The next morning at twelve-thirty I went alone to the trattoria in the Vicoletto Berio. I sat at an empty table and ordered a glass of vino. Shortly afterwards a swarthy man with aquiline features came over from the bar. ‘Permesso, Signore’, he said and sat down opposite me. He asked me my name. And when I told him and had shown him the piece of paper on which the location of the Trevedra had been written the night before, he told me what I had to do. He spoke softly and naturally. ‘I have been waiting to get this Del Ricci for a long time,’ he said. ‘At his villa at Posillipo he has too many of his friends around him. But now he has gone into the country and his friends are not with him. I was told that you would tell me where he was?’

‘He is at the villa of Mordini, the banker,’ I said. Then, remembering what I had been told the previous night, I added, ‘The villa is on Monte Argentario.’

‘Good!’ he said. ‘That is very good. I know where it is. It is near Santo Stefano and that is where we must embark for the Giglio. We shall leave tonight. How many of you are there?’

I told him three. ‘Myself, one of my crew and a girl.’

He nodded as though that was what he had expected.

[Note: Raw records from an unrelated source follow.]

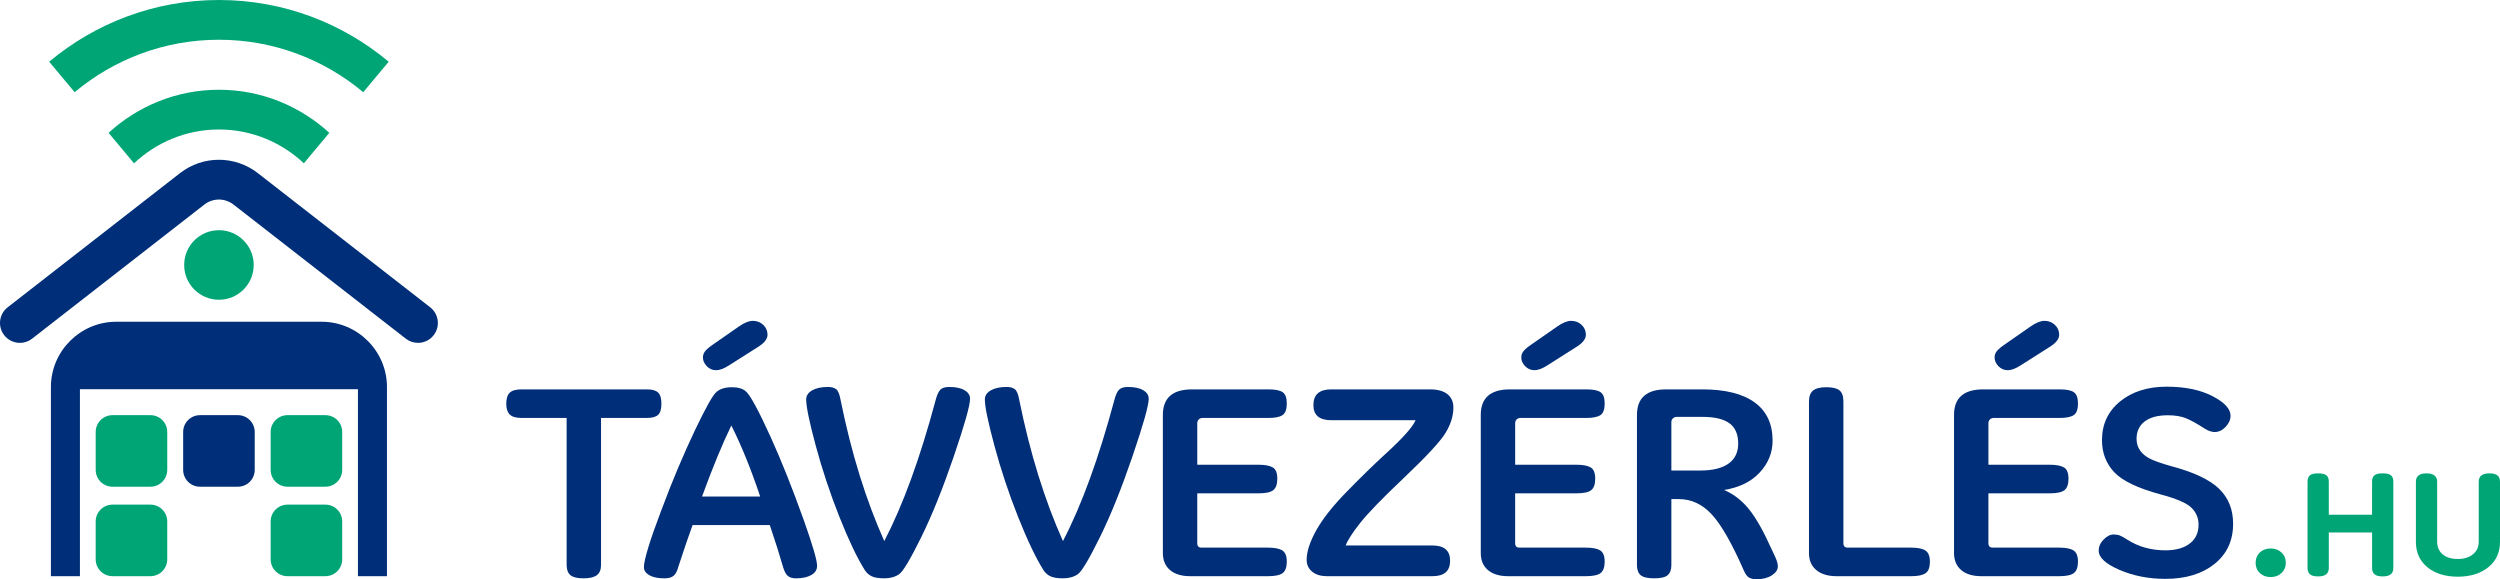 <?xml version="1.0" encoding="utf-8"?>
<!-- Generator: Adobe Illustrator 16.0.0, SVG Export Plug-In . SVG Version: 6.00 Build 0)  -->
<!DOCTYPE svg PUBLIC "-//W3C//DTD SVG 1.1//EN" "http://www.w3.org/Graphics/SVG/1.1/DTD/svg11.dtd">
<svg version="1.1" id="Layer_1" xmlns="http://www.w3.org/2000/svg" xmlns:xlink="http://www.w3.org/1999/xlink" x="0px" y="0px"
	 width="255.118px" height="59.113px" viewBox="0 0 255.118 59.113" enable-background="new 0 0 255.118 59.113"
	 xml:space="preserve">
<g>
	<g>
		<path fill="#00A576" d="M25.891,27.039c0,1.959-1.588,3.55-3.549,3.55c-1.959,0-3.548-1.591-3.548-3.55
			c0-1.959,1.589-3.549,3.548-3.549C24.302,23.489,25.891,25.079,25.891,27.039"/>
	</g>
	<g>
		<path fill="#002E78" d="M42.655,34.987c-0.435,0-0.874-0.139-1.244-0.427L23.827,20.873c-0.874-0.68-2.095-0.68-2.97,0
			L3.274,34.56c-0.883,0.688-2.159,0.529-2.846-0.355c-0.688-0.884-0.529-2.158,0.354-2.846l17.583-13.687
			c2.342-1.824,5.612-1.822,7.952,0l17.584,13.687c0.884,0.688,1.043,1.962,0.354,2.846C43.857,34.719,43.259,34.987,42.655,34.987z
			"/>
	</g>
	<g>
		<path fill="#002E78" d="M39.489,39.496c0-3.666-2.999-6.663-6.664-6.663H11.859c-3.666,0-6.664,2.997-6.664,6.663v19.302h2.961
			V39.719h28.371v19.079h2.961V39.496z"/>
	</g>
	<g>
		<path fill="#002E78" d="M24.277,49.667h-3.87c-0.948,0-1.716-0.767-1.716-1.716v-3.869c0-0.947,0.768-1.716,1.716-1.716h3.87
			c0.948,0,1.717,0.769,1.717,1.716v3.869C25.994,48.9,25.225,49.667,24.277,49.667"/>
	</g>
	<g>
		<path fill="#00A576" d="M15.35,49.667h-3.87c-0.947,0-1.716-0.767-1.716-1.716v-3.869c0-0.947,0.769-1.716,1.716-1.716h3.87
			c0.948,0,1.716,0.769,1.716,1.716v3.869C17.066,48.9,16.298,49.667,15.35,49.667"/>
	</g>
	<g>
		<path fill="#00A576" d="M33.205,49.667h-3.87c-0.948,0-1.716-0.767-1.716-1.716v-3.869c0-0.947,0.769-1.716,1.716-1.716h3.87
			c0.948,0,1.716,0.769,1.716,1.716v3.869C34.92,48.9,34.152,49.667,33.205,49.667"/>
	</g>
	<g>
		<path fill="#00A576" d="M15.35,58.798h-3.87c-0.947,0-1.716-0.77-1.716-1.717V53.21c0-0.947,0.769-1.714,1.716-1.714h3.87
			c0.948,0,1.716,0.767,1.716,1.714v3.871C17.066,58.028,16.298,58.798,15.35,58.798"/>
	</g>
	<g>
		<path fill="#00A576" d="M33.205,58.798h-3.87c-0.948,0-1.716-0.77-1.716-1.717V53.21c0-0.947,0.769-1.714,1.716-1.714h3.87
			c0.948,0,1.716,0.767,1.716,1.714v3.871C34.92,58.028,34.152,58.798,33.205,58.798"/>
	</g>
	<g>
		<g>
			<path fill="#002E78" d="M66.008,39.734c0.542,0,0.925,0.108,1.15,0.324c0.225,0.213,0.337,0.593,0.337,1.141
				c0,0.558-0.115,0.938-0.344,1.143c-0.23,0.206-0.611,0.308-1.143,0.308h-4.675v15.001c0,0.482-0.142,0.829-0.428,1.046
				c-0.287,0.213-0.742,0.32-1.365,0.32c-0.623,0-1.066-0.106-1.325-0.32c-0.261-0.217-0.392-0.563-0.392-1.046V42.65H53.21
				c-0.562,0-0.961-0.12-1.196-0.354c-0.235-0.238-0.352-0.603-0.352-1.096c0-0.52,0.117-0.895,0.352-1.124
				c0.235-0.227,0.634-0.341,1.196-0.341H66.008z"/>
		</g>
		<g>
			<path fill="#002E78" d="M77.451,35.344l-3.081,1.955c-0.501,0.319-0.931,0.479-1.288,0.479c-0.378,0-0.697-0.138-0.958-0.411
				c-0.26-0.273-0.391-0.566-0.391-0.876c0-0.219,0.058-0.415,0.176-0.589c0.117-0.17,0.34-0.378,0.667-0.616l2.804-1.955
				c0.562-0.393,1.042-0.589,1.441-0.589c0.42,0,0.774,0.136,1.066,0.409c0.291,0.273,0.436,0.614,0.436,1.015
				S78.034,34.959,77.451,35.344"/>
		</g>
		<g>
			<path fill="#002E78" d="M90.238,55.215c0.95-1.827,1.861-3.937,2.735-6.331c0.874-2.395,1.709-5.08,2.506-8.053
				c0.132-0.512,0.292-0.864,0.476-1.056c0.183-0.189,0.486-0.287,0.905-0.287c0.664,0,1.186,0.108,1.562,0.33
				c0.379,0.219,0.569,0.511,0.569,0.875c0,0.676-0.553,2.631-1.656,5.87c-0.552,1.616-1.104,3.109-1.656,4.483
				c-0.551,1.372-1.104,2.621-1.655,3.743c-1.104,2.244-1.856,3.511-2.261,3.799c-0.403,0.285-0.912,0.428-1.525,0.428
				c-0.582,0-1.017-0.074-1.304-0.219c-0.285-0.146-0.511-0.347-0.673-0.601c-0.798-1.267-1.668-3.096-2.614-5.481
				c-0.945-2.387-1.744-4.793-2.399-7.22c-0.654-2.426-0.98-4-0.98-4.721c0-0.394,0.201-0.706,0.605-0.938
				c0.403-0.232,0.942-0.349,1.617-0.349c0.357,0,0.636,0.076,0.835,0.227c0.199,0.151,0.35,0.514,0.452,1.089
				c0.551,2.728,1.2,5.293,1.946,7.697C88.471,50.905,89.309,53.141,90.238,55.215"/>
		</g>
		<g>
			<path fill="#002E78" d="M108.471,55.215c0.952-1.827,1.863-3.937,2.737-6.331c0.874-2.395,1.709-5.08,2.506-8.053
				c0.133-0.512,0.292-0.864,0.476-1.056c0.183-0.189,0.485-0.287,0.903-0.287c0.665,0,1.187,0.108,1.564,0.33
				c0.377,0.219,0.567,0.511,0.567,0.875c0,0.676-0.552,2.631-1.655,5.87c-0.552,1.616-1.104,3.109-1.655,4.483
				c-0.551,1.372-1.104,2.621-1.656,3.743c-1.104,2.244-1.857,3.511-2.261,3.799c-0.404,0.285-0.912,0.428-1.526,0.428
				c-0.581,0-1.016-0.074-1.303-0.219c-0.285-0.146-0.511-0.347-0.674-0.601c-0.797-1.267-1.668-3.096-2.614-5.481
				c-0.945-2.387-1.745-4.793-2.399-7.22c-0.654-2.426-0.979-4-0.979-4.721c0-0.394,0.2-0.706,0.604-0.938
				c0.405-0.232,0.942-0.349,1.618-0.349c0.357,0,0.636,0.076,0.835,0.227c0.198,0.151,0.351,0.514,0.452,1.089
				c0.551,2.728,1.2,5.293,1.946,7.697C106.704,50.905,107.542,53.141,108.471,55.215"/>
		</g>
		<g>
			<path fill="#002E78" d="M122.177,47.426h6.284c0.622,0,1.093,0.089,1.411,0.267c0.316,0.178,0.473,0.564,0.473,1.157
				c0,0.565-0.138,0.957-0.413,1.17c-0.275,0.215-0.765,0.322-1.471,0.322h-6.284v5.091c0,0.302,0.147,0.451,0.444,0.451h6.774
				c0.676,0,1.162,0.095,1.466,0.287c0.298,0.192,0.452,0.572,0.452,1.137c0,0.566-0.14,0.955-0.415,1.168
				c-0.275,0.215-0.777,0.322-1.503,0.322h-7.939c-0.88,0-1.563-0.206-2.053-0.622c-0.49-0.415-0.736-0.99-0.736-1.73V42.35
				c0-1.744,0.991-2.615,2.974-2.615h7.817c0.674,0,1.153,0.095,1.434,0.289c0.281,0.19,0.422,0.574,0.422,1.149
				c0,0.603-0.147,1-0.438,1.191c-0.291,0.19-0.763,0.287-1.418,0.287h-6.744c-0.152,0-0.281,0.05-0.383,0.149
				c-0.103,0.101-0.153,0.23-0.153,0.385V47.426z"/>
		</g>
		<g>
			<path fill="#002E78" d="M137.324,55.665h8.861c1.193,0,1.794,0.521,1.794,1.56c0,1.052-0.601,1.573-1.794,1.573H135.41
				c-0.624,0-1.125-0.151-1.503-0.458c-0.377-0.304-0.567-0.713-0.567-1.224c0-0.822,0.326-1.817,0.975-2.991
				c0.649-1.172,1.695-2.498,3.142-3.976c1.445-1.478,2.73-2.733,3.855-3.762c1.808-1.643,2.854-2.811,3.142-3.505h-8.6
				c-1.217,0-1.825-0.515-1.825-1.546c0-1.067,0.608-1.602,1.825-1.602h10.07c0.777,0,1.37,0.163,1.778,0.486
				s0.612,0.783,0.612,1.375c0,0.839-0.266,1.697-0.796,2.573s-1.936,2.395-4.216,4.559c-2.207,2.088-3.708,3.638-4.506,4.646
				C137.999,54.38,137.51,55.146,137.324,55.665"/>
		</g>
		<g>
			<path fill="#002E78" d="M154.617,47.426h6.285c0.622,0,1.093,0.089,1.411,0.267c0.316,0.178,0.475,0.564,0.475,1.157
				c0,0.565-0.138,0.957-0.415,1.17c-0.275,0.215-0.767,0.322-1.471,0.322h-6.285v5.091c0,0.302,0.147,0.451,0.444,0.451h6.775
				c0.676,0,1.162,0.095,1.464,0.287c0.302,0.192,0.452,0.572,0.452,1.137c0,0.566-0.138,0.955-0.413,1.168
				c-0.275,0.215-0.779,0.322-1.503,0.322h-7.939c-0.877,0-1.563-0.206-2.053-0.622c-0.49-0.415-0.736-0.99-0.736-1.73V42.35
				c0-1.744,0.992-2.615,2.976-2.615h7.815c0.674,0,1.151,0.095,1.432,0.289c0.283,0.19,0.422,0.574,0.422,1.149
				c0,0.603-0.146,1-0.436,1.191c-0.291,0.19-0.765,0.287-1.418,0.287h-6.744c-0.155,0-0.283,0.05-0.385,0.149
				c-0.101,0.101-0.151,0.23-0.151,0.385V47.426z"/>
		</g>
		<g>
			<path fill="#002E78" d="M160.961,35.344l-3.08,1.955c-0.5,0.319-0.932,0.479-1.287,0.479c-0.379,0-0.697-0.138-0.959-0.411
				c-0.259-0.273-0.391-0.566-0.391-0.876c0-0.219,0.058-0.415,0.176-0.589c0.116-0.17,0.339-0.378,0.667-0.616l2.807-1.955
				c0.562-0.393,1.041-0.589,1.439-0.589c0.418,0,0.773,0.136,1.065,0.409c0.291,0.273,0.436,0.614,0.436,1.015
				S161.545,34.959,160.961,35.344"/>
		</g>
		<g>
			<path fill="#002E78" d="M188.113,55.433c0,0.302,0.149,0.451,0.443,0.451h6.469c0.684,0,1.174,0.101,1.471,0.302
				c0.296,0.2,0.445,0.574,0.445,1.122c0,0.576-0.141,0.969-0.428,1.176c-0.285,0.209-0.783,0.314-1.488,0.314h-7.602
				c-0.879,0-1.569-0.206-2.069-0.622c-0.502-0.415-0.752-0.99-0.752-1.73V40.966c0-0.511,0.14-0.881,0.413-1.108
				c0.277-0.227,0.729-0.343,1.351-0.343c0.645,0,1.097,0.112,1.356,0.327c0.262,0.221,0.392,0.595,0.392,1.124V55.433z"/>
		</g>
		<g>
			<path fill="#002E78" d="M202.912,47.426h6.287c0.621,0,1.09,0.089,1.41,0.267c0.314,0.178,0.475,0.564,0.475,1.157
				c0,0.565-0.14,0.957-0.413,1.17c-0.277,0.215-0.767,0.322-1.472,0.322h-6.287v5.091c0,0.302,0.149,0.451,0.444,0.451h6.778
				c0.672,0,1.162,0.095,1.462,0.287c0.302,0.192,0.454,0.572,0.454,1.137c0,0.566-0.14,0.955-0.415,1.168
				c-0.277,0.215-0.777,0.322-1.501,0.322h-7.942c-0.877,0-1.561-0.206-2.055-0.622c-0.486-0.415-0.734-0.99-0.734-1.73V42.35
				c0-1.744,0.99-2.615,2.974-2.615h7.818c0.676,0,1.152,0.095,1.434,0.289c0.281,0.19,0.422,0.574,0.422,1.149
				c0,0.603-0.146,1-0.438,1.191c-0.291,0.19-0.765,0.287-1.418,0.287h-6.745c-0.153,0-0.281,0.05-0.383,0.149
				c-0.101,0.101-0.153,0.23-0.153,0.385V47.426z"/>
		</g>
		<g>
			<path fill="#002E78" d="M209.258,35.344l-3.081,1.955c-0.5,0.319-0.93,0.479-1.287,0.479c-0.377,0-0.697-0.138-0.959-0.411
				c-0.259-0.273-0.389-0.566-0.389-0.876c0-0.219,0.058-0.415,0.176-0.589c0.116-0.17,0.339-0.378,0.667-0.616l2.805-1.955
				c0.56-0.393,1.041-0.589,1.439-0.589c0.418,0,0.774,0.136,1.066,0.409s0.438,0.614,0.438,1.015S209.843,34.959,209.258,35.344"/>
		</g>
		<g>
			<path fill="#002E78" d="M220.973,59.071c-1.707,0-3.267-0.304-4.683-0.915c-1.415-0.612-2.122-1.263-2.122-1.958
				c0-0.418,0.165-0.8,0.498-1.141c0.331-0.343,0.676-0.515,1.033-0.515c0.236,0,0.449,0.037,0.637,0.11s0.457,0.225,0.804,0.453
				c1.125,0.703,2.402,1.054,3.832,1.054c1.065,0,1.893-0.233,2.491-0.694c0.599-0.459,0.895-1.106,0.895-1.935
				c0-0.665-0.24-1.24-0.725-1.717c-0.488-0.48-1.542-0.934-3.166-1.364c-2.319-0.628-3.896-1.385-4.723-2.271
				s-1.242-1.97-1.242-3.257c0-1.633,0.616-2.952,1.848-3.956c1.23-1.003,2.813-1.505,4.743-1.505c1.871,0,3.429,0.319,4.671,0.959
				c1.24,0.637,1.859,1.31,1.859,2.009c0,0.393-0.167,0.767-0.498,1.124c-0.332,0.356-0.709,0.535-1.127,0.535
				c-0.306,0-0.647-0.118-1.027-0.356c-0.818-0.529-1.471-0.887-1.96-1.073c-0.49-0.188-1.089-0.281-1.792-0.281
				c-1.022,0-1.811,0.211-2.363,0.635c-0.55,0.424-0.827,1.015-0.827,1.773c0,0.465,0.128,0.872,0.383,1.218
				c0.254,0.347,0.608,0.628,1.058,0.841c0.449,0.215,1.139,0.456,2.069,0.719c2.31,0.612,3.946,1.379,4.903,2.306
				c0.963,0.928,1.441,2.119,1.441,3.58c0,1.714-0.631,3.08-1.898,4.099C224.718,58.563,223.048,59.071,220.973,59.071"/>
		</g>
		<g>
			<path fill="#00A576" d="M231.719,58.889c-0.449,0-0.821-0.138-1.104-0.405c-0.291-0.271-0.434-0.624-0.434-1.048
				c0-0.426,0.141-0.781,0.424-1.054c0.283-0.271,0.659-0.413,1.114-0.413c0.442,0,0.815,0.141,1.104,0.417
				c0.294,0.275,0.441,0.629,0.441,1.05c0,0.415-0.147,0.764-0.441,1.041C232.535,58.749,232.161,58.889,231.719,58.889"/>
		</g>
		<g>
			<path fill="#00A576" d="M243.147,58.821c-0.368,0-0.625-0.064-0.802-0.192c-0.186-0.139-0.281-0.362-0.281-0.667v-3.625h-4.415
				v3.625c0,0.295-0.093,0.514-0.283,0.657c-0.178,0.134-0.442,0.202-0.812,0.202c-0.379,0-0.643-0.068-0.812-0.2
				c-0.174-0.141-0.264-0.362-0.264-0.659v-8.83c0-0.287,0.087-0.504,0.256-0.637c0.163-0.128,0.436-0.19,0.833-0.19
				c0.395,0,0.667,0.064,0.829,0.194c0.168,0.137,0.252,0.351,0.252,0.633v3.396h4.415v-3.396c0-0.292,0.089-0.508,0.256-0.641
				c0.163-0.126,0.434-0.186,0.827-0.186c0.399,0,0.67,0.062,0.835,0.19c0.168,0.133,0.252,0.351,0.252,0.637v8.83
				c0,0.314-0.101,0.539-0.3,0.67C243.75,58.759,243.492,58.821,243.147,58.821"/>
		</g>
		<g>
			<path fill="#00A576" d="M250.806,58.85c-1.265,0-2.303-0.322-3.082-0.951c-0.787-0.638-1.188-1.509-1.188-2.588V49.16
				c0-0.298,0.099-0.521,0.289-0.661c0.18-0.13,0.443-0.194,0.8-0.194c0.895,0,1.081,0.465,1.081,0.854v6.095
				c0,0.56,0.18,0.988,0.552,1.308c0.37,0.318,0.891,0.48,1.548,0.48c0.649,0,1.176-0.165,1.565-0.488
				c0.389-0.32,0.577-0.744,0.577-1.3V49.16c0-0.298,0.101-0.523,0.298-0.661c0.186-0.132,0.452-0.194,0.808-0.194
				c0.353,0,0.61,0.064,0.785,0.194c0.186,0.141,0.279,0.362,0.279,0.661v6.151c0,1.075-0.403,1.943-1.205,2.584
				C253.123,58.526,252.079,58.85,250.806,58.85"/>
		</g>
		<g>
			<path fill="#002E78" d="M181.086,56.678l-0.887-1.875c-0.368-0.757-0.763-1.46-1.189-2.108c-0.422-0.647-0.889-1.193-1.395-1.635
				c-0.505-0.444-1.063-0.796-1.678-1.06c1.554-0.248,2.769-0.843,3.642-1.787c0.874-0.945,1.31-2.024,1.31-3.237
				c0-1.724-0.612-3.028-1.834-3.913c-1.219-0.885-3.005-1.329-5.356-1.329h-3.677c-1.98,0-2.974,0.872-2.974,2.615v15.326
				c0,0.465,0.128,0.804,0.381,1.021c0.258,0.213,0.717,0.32,1.383,0.32c0.665,0,1.12-0.106,1.37-0.32
				c0.25-0.217,0.376-0.556,0.376-1.021V50.93h0.751c1.289,0,2.412,0.523,3.379,1.573c0.967,1.05,2.054,2.954,3.259,5.705
				c0.172,0.396,0.36,0.644,0.565,0.748c0.206,0.104,0.448,0.157,0.721,0.157c0.634,0,1.159-0.134,1.573-0.397
				c0.413-0.266,0.62-0.576,0.62-0.932C181.425,57.521,181.311,57.153,181.086,56.678z M173.516,48.015h-2.958v-4.94
				c0-0.157,0.052-0.283,0.161-0.383c0.107-0.101,0.232-0.149,0.376-0.149h2.668c1.226,0,2.135,0.219,2.729,0.657
				c0.591,0.436,0.887,1.125,0.887,2.065c0,0.895-0.329,1.577-0.988,2.045C175.732,47.78,174.773,48.015,173.516,48.015z"/>
		</g>
		<g>
			<path fill="#002E78" d="M82.019,53.065c-1.155-3.229-2.279-6.05-3.372-8.458c-1.237-2.72-2.08-4.274-2.529-4.665
				c-0.317-0.285-0.792-0.426-1.426-0.426c-0.685,0-1.213,0.163-1.587,0.486c-0.373,0.323-1.111,1.645-2.215,3.961
				c-0.55,1.159-1.113,2.416-1.686,3.77c-0.572,1.356-1.149,2.813-1.73,4.373c-0.595,1.562-1.036,2.821-1.327,3.786
				c-0.291,0.961-0.437,1.62-0.437,1.976c0,0.347,0.187,0.626,0.56,0.835c0.373,0.211,0.886,0.314,1.541,0.314
				c0.408,0,0.716-0.083,0.926-0.26c0.211-0.17,0.37-0.477,0.483-0.915c0.602-1.844,1.089-3.264,1.455-4.258h7.879
				c0.562,1.65,1.012,3.07,1.349,4.258c0.143,0.482,0.314,0.798,0.513,0.948c0.199,0.153,0.467,0.227,0.805,0.227
				c0.643,0,1.165-0.11,1.563-0.333c0.398-0.225,0.598-0.541,0.598-0.951C83.383,57.186,82.928,55.628,82.019,53.065z
				 M71.642,50.668c1.073-2.944,2.069-5.362,2.989-7.251c1.033,2.051,2.013,4.469,2.943,7.251H71.642z"/>
		</g>
	</g>
	<path fill="#00A576" d="M11.079,13.555l2.598,3.11c2.27-2.133,5.313-3.451,8.666-3.451c3.352,0,6.396,1.317,8.665,3.451
		l2.598-3.111c-2.976-2.72-6.923-4.396-11.263-4.396C18.002,9.159,14.055,10.834,11.079,13.555z"/>
	<path fill="#00A576" d="M5.018,6.299L7.617,9.41c3.991-3.339,9.126-5.354,14.725-5.354S33.076,6.071,37.067,9.41l2.598-3.111
		C34.971,2.37,28.929,0,22.342,0C15.755,0,9.714,2.37,5.018,6.299z"/>
</g>
</svg>

‘Be outside the Castello Nuovo at midnight where the road conies up from the docks. You cannot mistake it. There is a bridge over the road. A truck will come up from the docks. It will be a five-ton Fiat. I shall be on it. Don’t worry if it is a little late. We shall have flour to load. You will know the truck because the driver will switch his headlights on and off three times as he comes up the hill. If all goes well the ship will be yours again the following night. You must be prepared to sail as soon as she has been liberated.’ His lips twisted on the word ‘liberated’ into a sardonic smile. ‘Is it agreed?’

When I nodded, he got to his feet. ‘Arrivedela, Signore.’ And that was how it was fixed. I didn’t know his name, what he was or who he was. Just a drink in a cafe and everything had been arranged without my lifting a finger. I was left with a feeling of astonishment. I was not accustomed to the underground organization of foreign ports.

When I told Boyd the plan, his reaction was the same, ‘I don’t get it,’ he said. ‘This bloke Del Ricci pinches our ship. There’s another bloke around the joint who hates his guts. An’ just because we can tell ‘im where this Del Ricci is, he’s prepared to act as Santa Claus an’ get the bleedin’ ship back for us.’ His small leathery face was puckered with bewilderment as he shook his head and said, ‘Stands ter reason a bloke’d want payment for a thing like that, especially in this God-forsaken country. But there ain’t no point in our worrying about it like, is there? I mean, we ain’t got nothink to lose.’